As summit nears, entry on Canada border toughens
By Colin Nickerson, Globe Staff, 4/19/2001
QUEBEC CITY - The world's friendliest border became a lot unfriendlier this
week as Canada toughened entry procedures in an effort to weed potential
troublemakers from the thousands of protesters heading north to try to
disrupt this weekend's Summit of the Americas.
Ironically, the country that once opened its doors to a flood of
Vietnam-era draft dodgers is even using old convictions from antiwar
demonstrations of the 1960s and 70s as one reason to deny entry to some
That's what happened to Jeff Crosby, president of Massachusetts' North
Shore Labor Council and a longtime union activist, as he arrived Tuesday at
the Stanstead, Quebec, border crossing at the northern tip of Interstate 91.
Instead of the usual easy entry to Canada, he and a companion joined the
scores of would-be protesters from the United States pronounced
"inadmissable" to Canada in recent days after unusually intensive
background checks divulged even minor criminal records. By week's end,
activists said, large numbers of thwarted demonstrators may be stranded at
American border towns and in Canadian international airports.
Even some of those getting through claim they have been grilled about their
political views in a way more associated with dictatorial states.
"It's harassment," said Karen Hansen-Kuhn of the American protest group
Alliance for Responsible Trade, who, after an hour of intensive questioning
at Quebec City's airport, was permitted to enter Canada to join the
protests - and promptly held a press conference denouncing her host.
"I've never been stopped like that," she said. "Even in countries emerging
from civil wars."
Crosby and his five traveling companions, who made no secret that they were
bound for Quebec City to take part in demonstrations, were questioned
closely for two hours by Canadian immigration officials. Their
luggage was searched and a book on the anti-free trade movement, "Allies
Across the Border," was pored over by one inspector for nearly 30 minutes,
according to Crosby.
Finally Crosby was given the bounce after admitting to a conviction: In
1971, in a Vietnam War protest, he spray-painted a slogan on a piece of
plywood affixed to a post office window in Massachusetts. He was found
guilty and fined $75.
Thirty years later, he paid an even more irksome price.
"For a minor offense, I'm suddenly considered such a threat to Canada that
I'm ruled inadmissable," Crosby said in an interview from Derby Line, Vt.,
where he and other activists refused entry to Canada have taken shelter in
the Unitarian Church. "It's a draconian crackdown whose only purpose is to
keep down the numbers of protesters headed for the summit."
Also denied entry was David Bjorkman, another Bay State union worker.

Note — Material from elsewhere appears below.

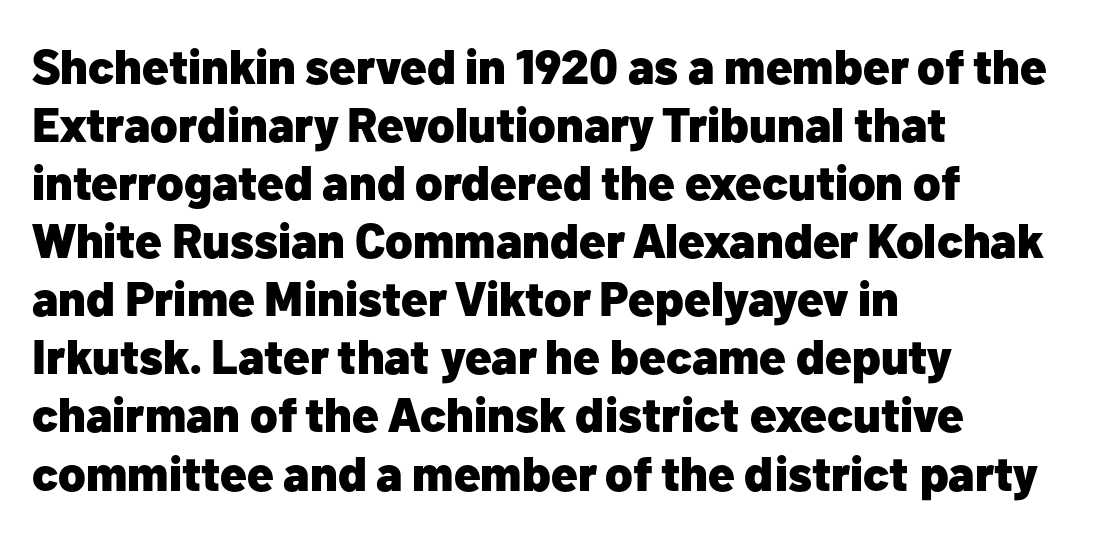
{"serif": "no", "italic": "no", "bold": "yes", "weight": "heavy", "width": "normal", "stroke_contrast": "low", "x_height": "medium", "monospaced": "no", "underline": "no", "align": "left", "line_spacing_ratio": 1.21, "letter_spacing": "normal", "letter_spacing_em": 0.0, "glyph_px": 48}

Crosby's four other companions - two adult activists and a pair of Melrose
high school students making a video on the antiglobalization movement -
were allowed to enter Quebec.
Canada's nervousness is understandable. Yesterday, six of its own citizens
were arrested in Quebec City and Montreal and accused of plotting to attack
the summit with smoke bombs made of highway flares and tear gas.
Royal Canadian Mounted Police spokesman Mike Gaudet said the devices could
have "caused confusion and even serious injury" had they exploded in a
crowd, as was apparently the plan. Police said the conspirators were
members of a "well-organized" underground group whose aim was to "breach
the perimeter fence" surrounding the summit site.
Canada is not providing exact numbers, but makes no bones that it is
seeking to turn back people it deems potentially violent while allowing in
the much larger numbers of peaceful protesters. A criminal record is one
crude indicator of a propensity for trouble, said Immigrations Canada
spokesman Richard St. Louis.
"We believe people have a right to peacefully protest. But we also have a
duty to screen against those who might make trouble," St. Louis said. "This
is a sovereign nation. Entry to Canada is a privilege, not a right - even
At least one guilty plea is being overlooked, however. Under normal
circumstances, even a single conviction of driving while intoxicated would
be reason for Canada to deny entry. But President Bush need not fear being
turned back when he arrives at the Summit of the Americas.
"It's ridiculous to even ask if we are going to refuse the president of the
United States because of his mistake," said a Foreign Ministry official.
"Besides, in Canada, he will have a driver."
This story ran on page 8 of the Boston Globe on 4/19/2001.